# Sonido 2.1



## shaoran (Mar 17, 2006)

Hola gente como les va, bueno me acabo de registrar en el foro queria saludar y de paso hacerles llegar una duda que tengo es sobre el sonido 2.1, tengo 2 bafles, un subwoofer y tengo un amplificador stereo. como se hace para tener sonido 2.1 o para que mi subwoofer sea activo, creo que es lo mismo. agradeceria esta información

Muchas Gracias


----------



## Gizmo77 (May 22, 2006)

Lo que precisas es un crossover (si no lo posee ya el subwoofer) que te divida el rango de frecuencias entre las digamos 100Hz para abajo hacia el subwoofer y las superiores a los otros altavoces.

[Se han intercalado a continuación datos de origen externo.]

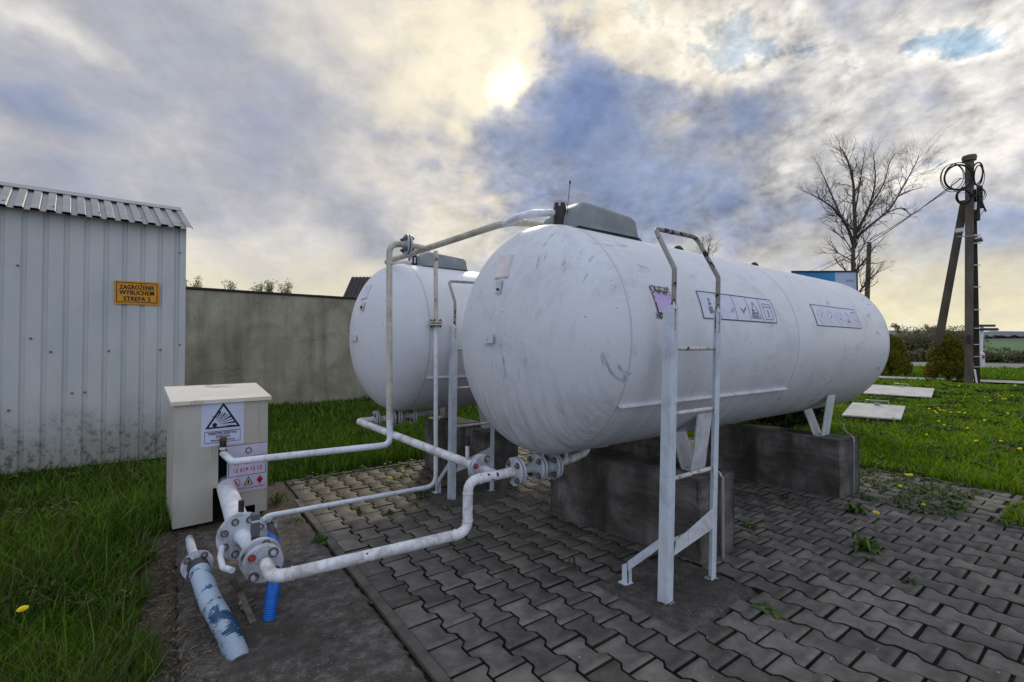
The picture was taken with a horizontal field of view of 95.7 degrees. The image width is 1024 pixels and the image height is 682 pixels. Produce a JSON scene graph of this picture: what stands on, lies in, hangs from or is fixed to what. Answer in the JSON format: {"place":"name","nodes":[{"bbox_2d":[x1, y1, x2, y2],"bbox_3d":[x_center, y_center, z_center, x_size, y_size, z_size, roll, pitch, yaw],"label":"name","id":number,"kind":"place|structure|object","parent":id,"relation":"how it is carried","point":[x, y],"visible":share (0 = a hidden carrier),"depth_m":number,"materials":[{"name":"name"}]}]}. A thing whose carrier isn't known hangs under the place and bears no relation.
{"place":"outdoors","nodes":[
{"label":"outdoors","id":0,"kind":"place"},
{"bbox_2d":[0,445,223,681],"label":"grass","id":1,"kind":"structure","parent":0,"point":[46,627],"depth_m":2.66,"materials":[{"name":"green plant"}]},
{"bbox_2d":[0,0,1023,331],"label":"sky","id":2,"kind":"structure","parent":0,"point":[298,141],"materials":[{"name":"blue"}]},
{"bbox_2d":[50,366,1023,681],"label":"ground","id":3,"kind":"structure","parent":0,"point":[428,678],"depth_m":2.87,"materials":[{"name":"soil"}]},
{"bbox_2d":[11,605,36,650],"bbox_3d":[-2.322,1.354,2.204,0.120,0.182,0.180,-1,-1,26],"label":"dandelion","id":4,"kind":"object","parent":3,"relation":"on","point":[21,608],"visible":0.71,"depth_m":2.20,"materials":[{"name":"yellow plant"}]},
{"bbox_2d":[0,457,166,619],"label":"clover","id":5,"kind":"object","parent":3,"relation":"on","point":[43,602],"visible":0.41,"depth_m":2.65,"materials":[{"name":"green plant"}]},
{"bbox_2d":[0,181,192,476],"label":"metal shed","id":6,"kind":"structure","parent":3,"relation":"on","point":[88,366],"depth_m":5.42,"materials":[{"name":"grey metal"}]},
{"bbox_2d":[114,280,158,304],"bbox_3d":[-4.580,-0.587,5.665,0.432,0.288,0.007,1,-1,-36],"label":"warning sign","id":7,"kind":"object","parent":6,"relation":"attached to","point":[136,292],"visible":1,"depth_m":5.66,"materials":[{"name":"orange"}]},
{"bbox_2d":[130,528,179,681],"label":"dirt strip","id":8,"kind":"object","parent":3,"relation":"on","point":[160,617],"visible":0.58,"depth_m":2.56,"materials":[{"name":"brown soil"}]},
{"bbox_2d":[176,481,301,537],"bbox_3d":[-2.493,1.484,4.237,0.953,0.030,1.188,1,-1,-36],"label":"dirt patch","id":9,"kind":"object","parent":3,"relation":"on","point":[279,487],"visible":0.23,"depth_m":4.17,"materials":[{"name":"brown soil"}]},
{"bbox_2d":[164,383,271,530],"bbox_3d":[-2.511,0.933,3.952,0.699,1.090,0.564,1,-1,-41],"label":"gas cabinet","id":10,"kind":"object","parent":9,"relation":"on","point":[195,471],"visible":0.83,"depth_m":3.69,"materials":[{"name":"metal"}]},
{"bbox_2d":[201,401,243,447],"bbox_3d":[-2.342,0.664,3.756,0.298,0.359,0.004,1,-1,-41],"label":"warning sign","id":11,"kind":"object","parent":10,"relation":"attached to","point":[218,420],"visible":0.9,"depth_m":3.75,"materials":[{"name":"white"}]},
{"bbox_2d":[227,442,266,492],"bbox_3d":[-2.205,1.055,3.866,0.297,0.393,0.005,1,-1,-41],"label":"information sign","id":12,"kind":"object","parent":10,"relation":"attached to","point":[248,477],"visible":0.73,"depth_m":3.87,"materials":[{"name":"white"}]},
{"bbox_2d":[216,476,283,582],"bbox_3d":[-1.829,1.126,3.067,0.276,0.368,1.973,1,-1,-36],"label":"inlet pipe","id":13,"kind":"object","parent":10,"relation":"attached to","point":[245,540],"visible":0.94,"depth_m":2.69,"materials":[{"name":"metal"}]},
{"bbox_2d":[219,234,428,464],"bbox_3d":[-1.513,0.023,3.845,1.645,1.888,0.179,0,-1,-12],"label":"vapour pipe","id":14,"kind":"object","parent":10,"relation":"attached to","point":[407,244],"visible":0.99,"depth_m":3.91,"materials":[{"name":"metal"}]},
{"bbox_2d":[267,492,287,504],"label":"weed","id":15,"kind":"object","parent":9,"relation":"on","point":[277,497],"visible":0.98,"depth_m":4.22,"materials":[{"name":"green plant"}]},
{"bbox_2d":[185,286,367,404],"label":"garden wall","id":16,"kind":"structure","parent":3,"relation":"on","point":[283,347],"depth_m":11.70,"materials":[{"name":"grey concrete"}]},
{"bbox_2d":[175,513,427,681],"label":"concrete slab","id":17,"kind":"structure","parent":3,"relation":"on","point":[330,626],"depth_m":2.29,"materials":[{"name":"grey concrete"}]},
{"bbox_2d":[180,535,248,660],"bbox_3d":[-1.759,1.351,2.609,0.172,0.328,1.476,1,-1,-43],"label":"pipe","id":18,"kind":"object","parent":17,"relation":"on","point":[196,571],"visible":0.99,"depth_m":2.30,"materials":[{"name":"metal"},{"name":"paint"}]},
{"bbox_2d":[229,577,256,623],"bbox_3d":[-1.406,1.358,2.466,0.290,0.150,0.100,-1,-1,38],"label":"steel strap","id":19,"kind":"object","parent":17,"relation":"on","point":[244,605],"visible":1,"depth_m":2.49,"materials":[{"name":"grey metal"}]},
{"bbox_2d":[262,522,283,621],"bbox_3d":[-1.404,1.336,2.719,0.110,0.313,0.764,0,-1,-28],"label":"conduit hose","id":20,"kind":"object","parent":17,"relation":"on","point":[271,599],"visible":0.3,"depth_m":2.44,"materials":[{"name":"blue plastic"}]},
{"bbox_2d":[283,515,302,522],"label":"weed","id":21,"kind":"object","parent":17,"relation":"on","point":[295,519],"visible":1,"depth_m":3.76,"materials":[{"name":"green plant"}]},
{"bbox_2d":[309,532,326,544],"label":"weed","id":22,"kind":"object","parent":17,"relation":"on","point":[321,538],"visible":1,"depth_m":3.37,"materials":[{"name":"green plant"}]},
{"bbox_2d":[0,394,693,551],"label":"grass","id":23,"kind":"structure","parent":3,"relation":"on","point":[298,420],"depth_m":6.17,"materials":[{"name":"green plant"}]},
{"bbox_2d":[294,499,450,681],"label":"kerb strip","id":24,"kind":"object","parent":3,"relation":"on","point":[430,666],"visible":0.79,"depth_m":2.42,"materials":[{"name":"concrete"}]},
{"bbox_2d":[748,407,824,427],"bbox_3d":[4.850,0.641,8.706,1.783,1.826,1.900,1,-1,-36],"label":"thuja bush","id":25,"kind":"object","parent":3,"relation":"on","point":[789,420],"visible":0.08,"depth_m":8.01,"materials":[{"name":"green plant"}]},
{"bbox_2d":[791,271,857,290],"bbox_3d":[21.170,-1.400,31.509,4.424,6.703,0.459,0,-1,0],"label":"billboard","id":26,"kind":"object","parent":3,"relation":"on","point":[849,278],"visible":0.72,"depth_m":31.39,"materials":[{"name":"blue"}]},
{"bbox_2d":[686,379,1023,526],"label":"grass","id":27,"kind":"structure","parent":3,"relation":"on","point":[997,480],"depth_m":7.00,"materials":[{"name":"green plant"}]},
{"bbox_2d":[864,242,870,299],"bbox_3d":[27.498,-2.818,35.988,0.799,9.706,0.418,-1,-1,27],"label":"utility pole","id":28,"kind":"object","parent":3,"relation":"on","point":[867,293],"visible":0.14,"depth_m":35.87,"materials":[{"name":"concrete"}]},
{"bbox_2d":[791,126,957,292],"bbox_3d":[26.757,-7.472,34.620,16.235,18.952,5.518,0,-1,-14],"label":"bare tree","id":29,"kind":"object","parent":3,"relation":"on","point":[855,237],"visible":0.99,"depth_m":34.18,"materials":[{"name":"brown plant"}]},
{"bbox_2d":[842,399,906,424],"bbox_3d":[7.125,1.371,9.097,1.155,0.374,0.870,1,-1,-44],"label":"tank hatch","id":30,"kind":"object","parent":3,"relation":"on","point":[878,411],"visible":0.96,"depth_m":8.98,"materials":[{"name":"grey concrete"}]},
{"bbox_2d":[739,381,1023,518],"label":"clover","id":31,"kind":"object","parent":3,"relation":"on","point":[1008,446],"visible":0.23,"depth_m":9.13,"materials":[{"name":"green plant"}]},
{"bbox_2d":[881,334,913,375],"bbox_3d":[20.002,0.713,24.433,1.699,2.218,1.799,1,-1,-36],"label":"thuja bush","id":32,"kind":"object","parent":3,"relation":"on","point":[897,360],"visible":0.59,"depth_m":23.96,"materials":[{"name":"green plant"}]},
{"bbox_2d":[863,383,934,400],"bbox_3d":[11.286,1.443,13.502,1.727,0.380,1.753,1,-1,-36],"label":"tank hatch","id":33,"kind":"object","parent":3,"relation":"on","point":[902,391],"visible":0.96,"depth_m":13.19,"materials":[{"name":"grey concrete"}]},
{"bbox_2d":[922,333,973,381],"bbox_3d":[19.202,0.689,20.377,1.636,2.118,1.534,0,-1,-4],"label":"thuja bush","id":34,"kind":"object","parent":3,"relation":"on","point":[949,362],"visible":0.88,"depth_m":20.13,"materials":[{"name":"green plant"}]},
{"bbox_2d":[881,365,1023,380],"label":"grass","id":35,"kind":"structure","parent":3,"relation":"on","point":[1003,373],"depth_m":24.29,"materials":[{"name":"green plant"}]},
{"bbox_2d":[928,154,986,382],"bbox_3d":[18.683,-2.865,19.427,1.595,9.367,2.964,-1,-1,31],"label":"utility pole","id":36,"kind":"object","parent":3,"relation":"on","point":[971,205],"visible":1,"depth_m":18.84,"materials":[{"name":"concrete"}]},
{"bbox_2d":[810,191,946,270],"bbox_3d":[22.088,-6.085,30.357,0.030,0.612,24.849,0,-1,20],"label":"power line","id":37,"kind":"object","parent":36,"relation":"attached to","point":[886,230],"visible":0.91,"depth_m":24.45,"materials":[{"name":"black"}]},
{"bbox_2d":[820,178,960,270],"bbox_3d":[22.592,-6.109,30.355,0.044,0.518,24.950,-1,-1,21],"label":"power line","id":38,"kind":"object","parent":36,"relation":"attached to","point":[900,222],"visible":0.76,"depth_m":24.17,"materials":[{"name":"black"}]},
{"bbox_2d":[980,352,984,367],"bbox_3d":[33.367,1.381,32.873,0.199,1.153,0.188,0,-1,0],"label":"delineator post","id":39,"kind":"object","parent":3,"relation":"on","point":[982,359],"visible":0.84,"depth_m":32.81,"materials":[{"name":"white plastic"}]},
{"bbox_2d":[284,439,1023,681],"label":"pavement","id":40,"kind":"structure","parent":0,"point":[793,557],"depth_m":2.71,"materials":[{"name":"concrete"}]},
{"bbox_2d":[136,466,444,681],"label":"debris","id":41,"kind":"object","parent":40,"relation":"on","point":[178,628],"visible":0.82,"depth_m":2.43,"materials":[{"name":"plant"}]},
{"bbox_2d":[354,506,364,514],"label":"weed","id":42,"kind":"object","parent":40,"relation":"on","point":[359,511],"visible":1,"depth_m":3.94,"materials":[{"name":"green plant"}]},
{"bbox_2d":[386,509,395,514],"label":"weed","id":43,"kind":"object","parent":40,"relation":"on","point":[388,511],"visible":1,"depth_m":3.96,"materials":[{"name":"green plant"}]},
{"bbox_2d":[409,490,429,499],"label":"weed","id":44,"kind":"object","parent":40,"relation":"on","point":[418,494],"visible":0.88,"depth_m":4.33,"materials":[{"name":"green plant"}]},
{"bbox_2d":[422,483,508,509],"bbox_3d":[-0.461,1.479,4.482,0.712,0.036,0.623,1,-1,-36],"label":"concrete pad","id":45,"kind":"object","parent":40,"relation":"on","point":[480,494],"visible":0.58,"depth_m":4.37,"materials":[{"name":"grey concrete"}]},
{"bbox_2d":[433,280,494,500],"bbox_3d":[-0.460,0.447,4.523,0.518,2.076,0.366,1,-1,-36],"label":"ladder","id":46,"kind":"object","parent":45,"relation":"on","point":[453,426],"visible":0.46,"depth_m":4.28,"materials":[{"name":"metal"}]},
{"bbox_2d":[424,416,517,489],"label":"concrete block","id":47,"kind":"structure","parent":40,"relation":"on","point":[505,449],"depth_m":4.86,"materials":[{"name":"grey concrete"}]},
{"bbox_2d":[349,252,490,427],"bbox_3d":[0.502,0.003,6.036,5.096,1.865,1.516,1,-1,-36],"label":"gas tank","id":48,"kind":"object","parent":47,"relation":"on","point":[413,337],"visible":0.38,"depth_m":4.37,"materials":[{"name":"grey metal"}]},
{"bbox_2d":[262,251,442,528],"bbox_3d":[-1.234,0.257,3.693,0.332,2.166,1.552,-1,-1,40],"label":"gas pipe","id":49,"kind":"object","parent":48,"relation":"attached to","point":[435,323],"visible":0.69,"depth_m":4.09,"materials":[{"name":"white metal"}]},
{"bbox_2d":[356,407,494,483],"bbox_3d":[-0.535,0.785,3.967,0.944,0.296,2.280,1,-1,-36],"label":"liquid pipe","id":50,"kind":"object","parent":48,"relation":"attached to","point":[479,463],"visible":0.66,"depth_m":3.59,"materials":[{"name":"metal"}]},
{"bbox_2d":[384,209,554,264],"bbox_3d":[-0.365,-0.846,4.065,0.713,0.152,2.309,1,-1,-40],"label":"vapour pipe","id":51,"kind":"object","parent":48,"relation":"attached to","point":[518,219],"visible":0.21,"depth_m":3.44,"materials":[{"name":"metal"}]},
{"bbox_2d":[566,554,576,571],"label":"weed","id":52,"kind":"object","parent":40,"relation":"on","point":[573,556],"visible":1,"depth_m":2.92,"materials":[{"name":"green plant"}]},
{"bbox_2d":[601,436,678,460],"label":"concrete block","id":53,"kind":"structure","parent":40,"relation":"on","point":[649,447],"depth_m":5.87,"materials":[{"name":"grey concrete"}]},
{"bbox_2d":[550,447,733,563],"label":"concrete block","id":54,"kind":"structure","parent":40,"relation":"on","point":[613,492],"depth_m":3.40,"materials":[{"name":"grey concrete"}]},
{"bbox_2d":[718,471,724,558],"bbox_3d":[1.381,1.162,3.135,0.030,0.588,0.112,1,-1,-36],"label":"earthing strap","id":55,"kind":"object","parent":54,"relation":"attached to","point":[723,510],"visible":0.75,"depth_m":3.09,"materials":[{"name":"grey metal"}]},
{"bbox_2d":[289,459,1023,529],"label":"ground cover","id":56,"kind":"object","parent":40,"relation":"on","point":[923,490],"visible":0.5,"depth_m":4.49,"materials":[{"name":"green plant"}]},
{"bbox_2d":[596,557,758,633],"bbox_3d":[0.951,1.444,2.720,0.742,0.035,0.653,1,-1,-36],"label":"concrete pad","id":57,"kind":"object","parent":40,"relation":"on","point":[698,599],"visible":0.82,"depth_m":2.63,"materials":[{"name":"grey concrete"}]},
{"bbox_2d":[618,227,720,605],"bbox_3d":[0.947,0.394,2.769,0.522,2.112,0.379,1,-1,-36],"label":"ladder","id":58,"kind":"object","parent":57,"relation":"on","point":[663,544],"visible":0.99,"depth_m":2.54,"materials":[{"name":"metal"}]},
{"bbox_2d":[741,521,760,528],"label":"weed","id":59,"kind":"object","parent":40,"relation":"on","point":[747,524],"visible":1,"depth_m":3.63,"materials":[{"name":"green plant"}]},
{"bbox_2d":[749,602,788,620],"bbox_3d":[1.385,1.435,2.473,0.122,0.014,0.201,1,-1,-36],"label":"weed","id":60,"kind":"object","parent":40,"relation":"on","point":[775,613],"visible":1,"depth_m":2.47,"materials":[{"name":"green plant"}]},
{"bbox_2d":[705,423,859,498],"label":"concrete block","id":61,"kind":"structure","parent":40,"relation":"on","point":[806,461],"depth_m":4.65,"materials":[{"name":"grey concrete"}]},
{"bbox_2d":[462,181,889,470],"bbox_3d":[1.889,-0.071,4.344,5.098,2.007,1.516,1,-1,-36],"label":"gas tank","id":62,"kind":"object","parent":61,"relation":"on","point":[562,331],"visible":0.94,"depth_m":2.90,"materials":[{"name":"grey metal"}]},
{"bbox_2d":[259,449,589,582],"bbox_3d":[-0.294,0.936,2.765,2.118,0.467,0.227,1,-1,-32],"label":"liquid pipe","id":63,"kind":"object","parent":62,"relation":"attached to","point":[516,471],"visible":0.95,"depth_m":2.68,"materials":[{"name":"metal"}]},
{"bbox_2d":[838,419,854,492],"bbox_3d":[3.293,1.121,4.563,0.080,0.664,0.312,-1,-1,25],"label":"earthing cable","id":64,"kind":"object","parent":61,"relation":"attached to","point":[853,458],"visible":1,"depth_m":4.42,"materials":[{"name":"grey metal"}]},
{"bbox_2d":[779,494,790,499],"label":"weed","id":65,"kind":"object","parent":40,"relation":"on","point":[786,496],"visible":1,"depth_m":4.32,"materials":[{"name":"green plant"}]},
{"bbox_2d":[844,499,869,515],"bbox_3d":[2.943,1.421,3.956,0.184,0.091,0.195,1,-1,-36],"label":"weed","id":66,"kind":"object","parent":40,"relation":"on","point":[854,508],"visible":1,"depth_m":3.95,"materials":[{"name":"green plant"}]},
{"bbox_2d":[850,531,885,555],"bbox_3d":[2.466,1.402,3.223,0.213,0.104,0.225,0,-1,18],"label":"weed","id":67,"kind":"object","parent":40,"relation":"on","point":[864,545],"visible":1,"depth_m":3.21,"materials":[{"name":"green plant"}]},
{"bbox_2d":[864,556,880,563],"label":"weed","id":68,"kind":"object","parent":40,"relation":"on","point":[871,559],"visible":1,"depth_m":3.04,"materials":[{"name":"green plant"}]},
{"bbox_2d":[870,511,890,550],"bbox_3d":[2.573,1.331,3.290,0.179,0.252,0.183,-1,-1,42],"label":"dandelion","id":69,"kind":"object","parent":40,"relation":"on","point":[877,512],"visible":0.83,"depth_m":3.29,"materials":[{"name":"green plant"}]},
{"bbox_2d":[888,485,913,499],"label":"dandelion","id":70,"kind":"object","parent":40,"relation":"on","point":[900,486],"visible":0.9,"depth_m":4.40,"materials":[{"name":"green plant"}]},
{"bbox_2d":[896,473,911,485],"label":"dandelion","id":71,"kind":"object","parent":40,"relation":"on","point":[905,483],"visible":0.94,"depth_m":4.76,"materials":[{"name":"green plant"}]},
{"bbox_2d":[901,577,921,585],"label":"weed","id":72,"kind":"object","parent":40,"relation":"on","point":[913,581],"visible":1,"depth_m":2.75,"materials":[{"name":"green plant"}]},
{"bbox_2d":[909,473,919,485],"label":"dandelion","id":73,"kind":"object","parent":40,"relation":"on","point":[912,483],"visible":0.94,"depth_m":4.76,"materials":[{"name":"green plant"}]},
{"bbox_2d":[908,503,942,514],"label":"dandelion","id":74,"kind":"object","parent":40,"relation":"on","point":[925,510],"visible":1,"depth_m":3.96,"materials":[{"name":"green plant"}]},
{"bbox_2d":[290,437,1023,529],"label":"paving edge","id":75,"kind":"object","parent":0,"point":[1016,498],"visible":0.23,"depth_m":4.89,"materials":[{"name":"concrete"}]},
{"bbox_2d":[862,376,947,394],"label":"grass","id":76,"kind":"structure","parent":0,"point":[907,380],"depth_m":19.41,"materials":[{"name":"green plant"}]},
{"bbox_2d":[879,376,1023,383],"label":"path","id":77,"kind":"structure","parent":0,"point":[1001,381],"depth_m":20.11,"materials":[{"name":"concrete"}]},
{"bbox_2d":[888,330,1023,334],"bbox_3d":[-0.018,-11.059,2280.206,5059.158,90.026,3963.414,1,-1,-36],"label":"hills","id":78,"kind":"structure","parent":0,"point":[1004,332],"depth_m":2149.51,"materials":[{"name":"green plant"}]},
{"bbox_2d":[893,333,1023,337],"bbox_3d":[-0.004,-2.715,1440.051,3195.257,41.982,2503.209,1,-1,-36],"label":"hills","id":79,"kind":"structure","parent":0,"point":[992,335],"depth_m":1350.94,"materials":[{"name":"green plant"}]},
{"bbox_2d":[910,338,1023,363],"bbox_3d":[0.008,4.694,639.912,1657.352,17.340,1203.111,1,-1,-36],"label":"field","id":80,"kind":"structure","parent":0,"point":[1012,344],"depth_m":161.56,"materials":[{"name":"green plant"}]},
{"bbox_2d":[186,276,203,286],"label":"leafy tree","id":81,"kind":"object","parent":80,"relation":"on","point":[197,283],"visible":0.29,"depth_m":62.23,"materials":[{"name":"green plant"}]},
{"bbox_2d":[221,279,236,289],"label":"leafy tree","id":82,"kind":"object","parent":80,"relation":"on","point":[231,286],"visible":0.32,"depth_m":61.87,"materials":[{"name":"green plant"}]},
{"bbox_2d":[249,281,265,290],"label":"leafy tree","id":83,"kind":"object","parent":80,"relation":"on","point":[258,289],"visible":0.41,"depth_m":62.20,"materials":[{"name":"green plant"}]},
{"bbox_2d":[263,279,277,291],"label":"leafy tree","id":84,"kind":"object","parent":80,"relation":"on","point":[268,288],"visible":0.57,"depth_m":62.08,"materials":[{"name":"green plant"}]},
{"bbox_2d":[277,278,294,292],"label":"leafy tree","id":85,"kind":"object","parent":80,"relation":"on","point":[288,285],"visible":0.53,"depth_m":62.26,"materials":[{"name":"green plant"}]},
{"bbox_2d":[343,277,370,296],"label":"house","id":86,"kind":"structure","parent":80,"relation":"on","point":[355,286],"depth_m":43.93,"materials":[{"name":"brown"}]},
{"bbox_2d":[695,235,720,255],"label":"bare tree","id":87,"kind":"object","parent":80,"relation":"on","point":[707,246],"visible":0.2,"depth_m":45.15,"materials":[{"name":"brown plant"}]},
{"bbox_2d":[888,323,911,338],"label":"leafy tree","id":88,"kind":"object","parent":80,"relation":"on","point":[894,326],"visible":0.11,"depth_m":74.19,"materials":[{"name":"green plant"}]},
{"bbox_2d":[910,326,935,337],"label":"leafy tree","id":89,"kind":"object","parent":80,"relation":"on","point":[928,331],"visible":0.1,"depth_m":79.68,"materials":[{"name":"green plant"}]},
{"bbox_2d":[891,324,994,352],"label":"thicket","id":90,"kind":"object","parent":80,"relation":"on","point":[918,341],"visible":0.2,"depth_m":66.54,"materials":[{"name":"green plant"}]},
{"bbox_2d":[894,335,1023,338],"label":"woodland","id":91,"kind":"object","parent":80,"relation":"on","point":[1000,336],"visible":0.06,"depth_m":559.05,"materials":[{"name":"green plant"}]},
{"bbox_2d":[907,347,1023,362],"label":"hedge","id":92,"kind":"object","parent":80,"relation":"on","point":[1015,356],"visible":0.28,"depth_m":48.70,"materials":[{"name":"green plant"}]},
{"bbox_2d":[911,362,1023,367],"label":"road","id":93,"kind":"structure","parent":0,"point":[993,365],"depth_m":37.88,"materials":[{"name":"grey asphalt"}]},
{"bbox_2d":[979,324,998,352],"bbox_3d":[35.077,0.378,34.387,1.818,3.216,0.368,0,-1,0],"label":"direction sign","id":94,"kind":"object","parent":93,"relation":"on","point":[982,330],"visible":0.62,"depth_m":34.23,"materials":[{"name":"white metal"}]}
]}

Algunos subwoofers vienen con un crossover integrado lo que permite conectarles la señal de audio proveniente del equipo y después reenviarla por una salida que posea a los otros altavoces. Si no, es preciso que te hagas con uno para que haya diferencia de vías.

Que un altavoz sea activo significa que cuenta con amplificación interna. Un altavoz sin una etapa de amplificación integrada se denomina pasivo (y obviamente precisa de un amplificador externo para funcionar)


----------